Wednesday 2 April 2014

Moribund Tales by Erik Hofstatter (a review)

A bit of a mixed bag this one. It's a collection of short stories (9 over about 50 pages).

The collection starts off well with INTERNAL ABDUCTION, a slightly predictable but still enjoyable "body horror" tale. This is followed by LAST STRAW OF HUMANITY, a "creature in the cellar" story that didn't finish as I thought it might.

For me, the best of these stories were TEARS OF REPENTANCE, a historical tale of love and vengeance, and INFANTS FINGERS (more vengeance with added deception). INFANTS FINGERS is the only tale in this book that isn't told in the first person, and, in my opinion, is better for it.

The last two stories, ON THE EDGE OF THE MARSH and AFFECTIONATE CADAVER,  both left me feeling a bit short changed, but not in such a bad way. I just wanted more from the story. "MARSH" had an interesting set up that ended without answering all my questions - the story had real potential and I would very much like to see an expanded version. This felt very much like a sample chapter.

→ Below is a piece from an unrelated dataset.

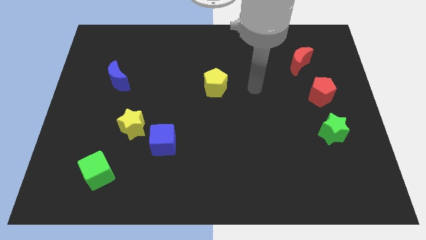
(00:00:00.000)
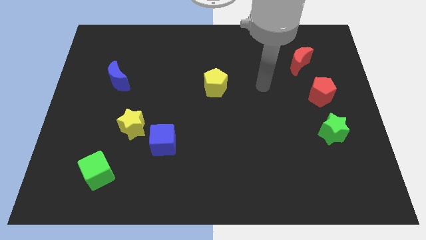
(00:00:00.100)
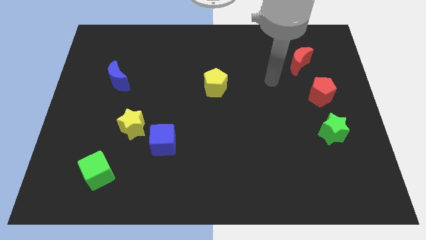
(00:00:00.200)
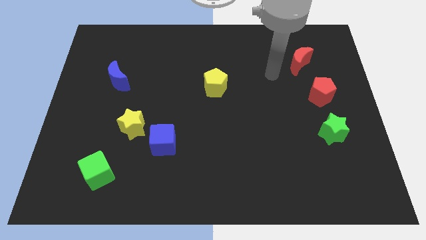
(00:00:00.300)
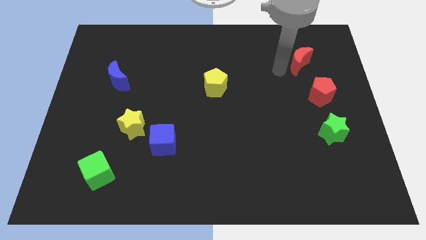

AFFECTIONATE CADAVER, again, could do with being longer. The story is horrible (in a good way - one of those that makes you uncomfortable, as a good horror story should!). And the main character is a truly vile person. A cracking end to the book.

All being said and done, this is a decent little collection of stories at just the right kind of length for a coffee break. I will be looking out for more from this author.